After being sick on two separate occasions in the last month, I thought I would relieve my withdrawal symptoms and try to fish the rockfish opener. At first, it looked like the weather would put that out of the question, but then the forecast downgraded, and all systems were a go.

The Spitfire has been getting on the yellowtail lately, so the game plan was to look for them first, and then get on the rockfish later. We metered around a little bit and saw some, but they just weren’t in the biting mood. I tried a Salas 6X heavy in “punk rock” orange and yellow, and I guess it was outrageous enough for a “steamer size” Red to take a swing at it. Nothing to write home about, but catching it officially opened the Spit‘s rockfishing season, as Jeremy announced over the P.A.

Then the time had come to mount up on the rockfish grounds. The predominant rockfishing style out of Marina Del Rey is to hit bottom, and then wind up 10-15 cranks for belindas (real name, speckled rockfish) and bocaccio. However, this day we hit some spots where traditional bottom-dweller rockfish wanted to bite. Some nice chuckleheads, reds, and boscos (real name, greenspotted rockfish) came over the rail, in addition to some of the toothy bottom grabbers.

Before we tried for the yellowtail, we stopped to catch some mackerel to throw at the yellowtail if we found them.
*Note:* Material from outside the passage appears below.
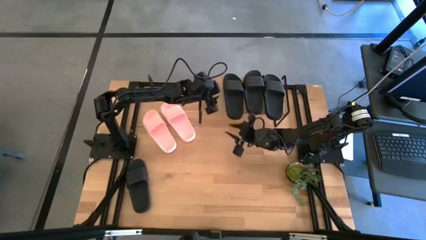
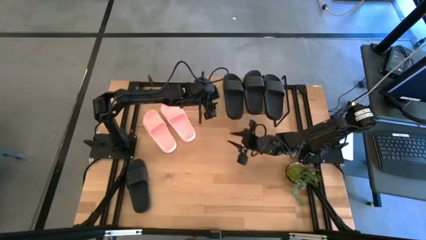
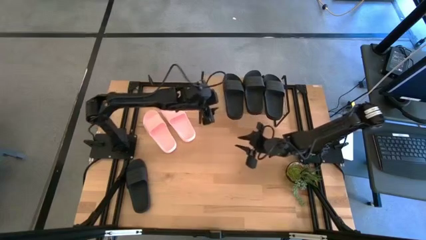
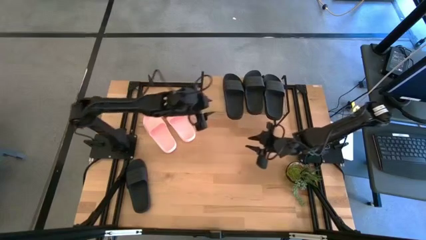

Instead, I rigged up a lingcod rig (dropper loop with circle hook trailing down to the sinker) and tried to make something happen with one. Dropped down…1…2…3…instant ling! And when they pull drag, you can tell, for sure, that it’s gonna be a keeper. I was sure to wind it up nice and easy until the fish met John’s gaff. Not only did I catch the first rockfish of the season, I got the first lingcod, as well!

The boat ended up with 5 lings and about 210 rockfish for 41 anglers. Nothing wide open, but a nice steady pick at some awesome-tasting fish. The weather was pretty good, too – a little windy in the afternoon but not bad. I took jackpot with my nice ling, which was nice for me because the last two nice lingcod I’ve caught, I took second place to fish that were just a little nicer. Some call that silver, others call that “first-place loser” – it just all depends whether you see the glass half full or empty. Regardless, it makes pulling off the gold all the more sweeter.

So that’s about it for now. Get out there for your rockfish and lingcod fix…or go after some yellowtail. They didn’t bite for us, but they’re still around and biting in other areas!